TASK REQUIREMENTS |
Within the material below, locate the line with "Volume: 95374.1 mm3;" and the line with "Full cylindrical faces by diameter (mm): 80", then return those two lines and all lines between them, exactly as written.

DATASET EXCERPTS |
*** Block opens ***
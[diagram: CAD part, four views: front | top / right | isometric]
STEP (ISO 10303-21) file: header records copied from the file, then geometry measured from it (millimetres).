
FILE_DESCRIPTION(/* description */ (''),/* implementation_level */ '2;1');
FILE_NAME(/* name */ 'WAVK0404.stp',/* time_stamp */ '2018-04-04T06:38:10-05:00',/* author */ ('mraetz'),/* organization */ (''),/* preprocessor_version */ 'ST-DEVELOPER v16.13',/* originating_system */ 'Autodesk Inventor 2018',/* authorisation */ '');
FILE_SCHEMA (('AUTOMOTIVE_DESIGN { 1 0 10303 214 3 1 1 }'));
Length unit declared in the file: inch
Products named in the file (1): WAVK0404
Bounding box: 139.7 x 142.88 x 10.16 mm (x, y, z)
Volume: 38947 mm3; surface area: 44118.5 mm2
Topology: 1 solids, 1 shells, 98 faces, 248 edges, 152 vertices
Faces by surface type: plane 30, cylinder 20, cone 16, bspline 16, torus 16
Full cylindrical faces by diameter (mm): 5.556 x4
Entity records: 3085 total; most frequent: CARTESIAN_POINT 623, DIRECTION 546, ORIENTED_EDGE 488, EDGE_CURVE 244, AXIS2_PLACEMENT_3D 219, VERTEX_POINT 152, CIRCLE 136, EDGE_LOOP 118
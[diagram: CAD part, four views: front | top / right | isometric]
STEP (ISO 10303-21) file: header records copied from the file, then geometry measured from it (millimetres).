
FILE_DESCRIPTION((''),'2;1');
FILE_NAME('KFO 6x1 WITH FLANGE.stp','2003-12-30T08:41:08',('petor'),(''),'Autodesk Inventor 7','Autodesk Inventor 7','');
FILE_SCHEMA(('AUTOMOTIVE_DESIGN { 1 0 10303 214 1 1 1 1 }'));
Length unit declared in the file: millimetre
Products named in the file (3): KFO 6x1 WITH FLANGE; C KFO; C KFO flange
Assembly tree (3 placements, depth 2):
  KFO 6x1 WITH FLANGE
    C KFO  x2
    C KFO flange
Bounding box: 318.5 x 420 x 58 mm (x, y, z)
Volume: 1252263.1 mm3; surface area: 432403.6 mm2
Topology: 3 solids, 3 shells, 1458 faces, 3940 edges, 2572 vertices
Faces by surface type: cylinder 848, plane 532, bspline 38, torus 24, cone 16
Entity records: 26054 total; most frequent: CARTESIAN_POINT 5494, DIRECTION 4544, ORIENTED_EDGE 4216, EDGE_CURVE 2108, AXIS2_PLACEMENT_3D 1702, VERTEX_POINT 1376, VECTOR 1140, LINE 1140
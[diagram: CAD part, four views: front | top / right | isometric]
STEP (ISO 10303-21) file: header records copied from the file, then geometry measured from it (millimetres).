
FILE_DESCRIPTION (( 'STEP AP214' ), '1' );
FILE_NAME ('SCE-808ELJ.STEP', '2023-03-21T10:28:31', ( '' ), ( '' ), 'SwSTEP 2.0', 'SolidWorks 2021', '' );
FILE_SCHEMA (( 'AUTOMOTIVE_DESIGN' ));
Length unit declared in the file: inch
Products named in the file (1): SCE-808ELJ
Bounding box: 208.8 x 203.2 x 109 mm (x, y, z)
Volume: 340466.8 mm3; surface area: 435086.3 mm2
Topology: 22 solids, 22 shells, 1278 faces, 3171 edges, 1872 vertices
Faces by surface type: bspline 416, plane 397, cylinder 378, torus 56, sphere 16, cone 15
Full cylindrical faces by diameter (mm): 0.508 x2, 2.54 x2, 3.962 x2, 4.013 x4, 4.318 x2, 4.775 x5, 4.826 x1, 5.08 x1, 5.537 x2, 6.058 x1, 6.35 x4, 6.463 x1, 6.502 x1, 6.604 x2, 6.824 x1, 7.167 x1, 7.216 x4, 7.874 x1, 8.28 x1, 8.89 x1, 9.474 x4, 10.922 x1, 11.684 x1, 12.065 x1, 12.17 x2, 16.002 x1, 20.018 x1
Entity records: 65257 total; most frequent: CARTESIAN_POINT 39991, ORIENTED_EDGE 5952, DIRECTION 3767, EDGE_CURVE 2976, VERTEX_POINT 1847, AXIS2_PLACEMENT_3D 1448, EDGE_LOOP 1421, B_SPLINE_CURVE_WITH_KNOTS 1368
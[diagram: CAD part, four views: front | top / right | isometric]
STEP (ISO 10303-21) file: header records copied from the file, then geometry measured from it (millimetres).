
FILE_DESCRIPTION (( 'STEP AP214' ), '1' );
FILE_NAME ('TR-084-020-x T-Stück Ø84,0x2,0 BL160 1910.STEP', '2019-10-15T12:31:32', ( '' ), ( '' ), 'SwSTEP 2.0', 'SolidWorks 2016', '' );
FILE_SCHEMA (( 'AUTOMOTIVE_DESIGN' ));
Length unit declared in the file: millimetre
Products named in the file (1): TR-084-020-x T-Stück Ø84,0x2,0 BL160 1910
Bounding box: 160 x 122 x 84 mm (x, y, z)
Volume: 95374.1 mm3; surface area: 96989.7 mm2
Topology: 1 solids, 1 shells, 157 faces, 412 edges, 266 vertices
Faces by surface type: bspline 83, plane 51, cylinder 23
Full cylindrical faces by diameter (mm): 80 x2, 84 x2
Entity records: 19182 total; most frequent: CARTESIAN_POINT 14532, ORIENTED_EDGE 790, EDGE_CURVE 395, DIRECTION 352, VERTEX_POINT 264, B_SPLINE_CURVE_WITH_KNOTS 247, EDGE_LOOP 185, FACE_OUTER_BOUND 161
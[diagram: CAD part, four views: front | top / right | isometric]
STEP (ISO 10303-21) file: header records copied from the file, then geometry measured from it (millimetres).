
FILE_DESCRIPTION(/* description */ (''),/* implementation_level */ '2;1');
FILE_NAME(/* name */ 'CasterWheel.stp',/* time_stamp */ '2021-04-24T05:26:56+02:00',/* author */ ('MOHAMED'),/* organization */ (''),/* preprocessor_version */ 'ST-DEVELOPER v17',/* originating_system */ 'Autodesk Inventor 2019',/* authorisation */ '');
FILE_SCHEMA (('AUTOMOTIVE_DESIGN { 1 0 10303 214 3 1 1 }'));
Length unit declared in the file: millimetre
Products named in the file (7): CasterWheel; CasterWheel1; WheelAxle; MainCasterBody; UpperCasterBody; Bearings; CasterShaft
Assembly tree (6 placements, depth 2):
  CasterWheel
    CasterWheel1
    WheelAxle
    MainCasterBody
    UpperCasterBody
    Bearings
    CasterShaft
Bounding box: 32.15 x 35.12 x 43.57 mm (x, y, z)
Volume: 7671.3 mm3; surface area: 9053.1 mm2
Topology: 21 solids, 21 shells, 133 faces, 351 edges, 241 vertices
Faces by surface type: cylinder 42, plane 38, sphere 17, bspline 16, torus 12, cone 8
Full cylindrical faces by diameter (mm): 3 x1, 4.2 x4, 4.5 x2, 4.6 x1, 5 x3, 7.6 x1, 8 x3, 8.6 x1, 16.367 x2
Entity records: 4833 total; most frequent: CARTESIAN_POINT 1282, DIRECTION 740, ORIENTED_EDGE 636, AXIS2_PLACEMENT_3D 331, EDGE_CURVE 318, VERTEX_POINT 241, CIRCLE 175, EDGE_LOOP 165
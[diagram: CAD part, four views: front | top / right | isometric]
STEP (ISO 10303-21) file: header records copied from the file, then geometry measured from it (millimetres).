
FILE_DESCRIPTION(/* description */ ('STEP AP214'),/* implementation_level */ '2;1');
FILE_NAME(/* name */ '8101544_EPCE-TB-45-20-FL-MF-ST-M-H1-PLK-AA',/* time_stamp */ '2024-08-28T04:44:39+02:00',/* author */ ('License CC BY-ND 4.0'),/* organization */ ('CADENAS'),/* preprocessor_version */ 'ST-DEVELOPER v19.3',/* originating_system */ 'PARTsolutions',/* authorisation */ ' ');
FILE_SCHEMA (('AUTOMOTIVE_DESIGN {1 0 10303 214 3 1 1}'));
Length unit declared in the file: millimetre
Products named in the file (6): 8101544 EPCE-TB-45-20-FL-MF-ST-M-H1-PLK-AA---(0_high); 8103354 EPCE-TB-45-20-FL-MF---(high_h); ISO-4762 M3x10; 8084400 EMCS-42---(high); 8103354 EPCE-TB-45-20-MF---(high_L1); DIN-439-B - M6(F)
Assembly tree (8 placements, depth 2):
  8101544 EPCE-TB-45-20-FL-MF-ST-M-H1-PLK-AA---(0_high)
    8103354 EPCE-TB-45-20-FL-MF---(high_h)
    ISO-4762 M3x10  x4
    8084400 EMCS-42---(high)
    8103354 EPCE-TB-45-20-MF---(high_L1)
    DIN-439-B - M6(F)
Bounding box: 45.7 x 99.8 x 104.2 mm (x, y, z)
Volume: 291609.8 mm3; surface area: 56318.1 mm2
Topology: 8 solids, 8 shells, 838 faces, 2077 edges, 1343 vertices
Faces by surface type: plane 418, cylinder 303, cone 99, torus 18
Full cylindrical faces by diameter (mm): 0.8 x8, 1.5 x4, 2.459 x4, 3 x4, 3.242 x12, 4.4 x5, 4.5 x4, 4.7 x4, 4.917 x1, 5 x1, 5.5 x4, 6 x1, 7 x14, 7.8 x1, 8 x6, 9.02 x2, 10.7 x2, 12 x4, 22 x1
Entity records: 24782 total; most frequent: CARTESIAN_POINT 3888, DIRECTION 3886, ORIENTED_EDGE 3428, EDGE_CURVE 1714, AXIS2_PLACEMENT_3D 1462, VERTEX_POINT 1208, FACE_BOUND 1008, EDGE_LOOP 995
*** Block closes ***
ANSWER TO THIS EXERCISE |
Volume: 95374.1 mm3; surface area: 96989.7 mm2
Topology: 1 solids, 1 shells, 157 faces, 412 edges, 266 vertices
Faces by surface type: bspline 83, plane 51, cylinder 23
Full cylindrical faces by diameter (mm): 80 x2, 84 x2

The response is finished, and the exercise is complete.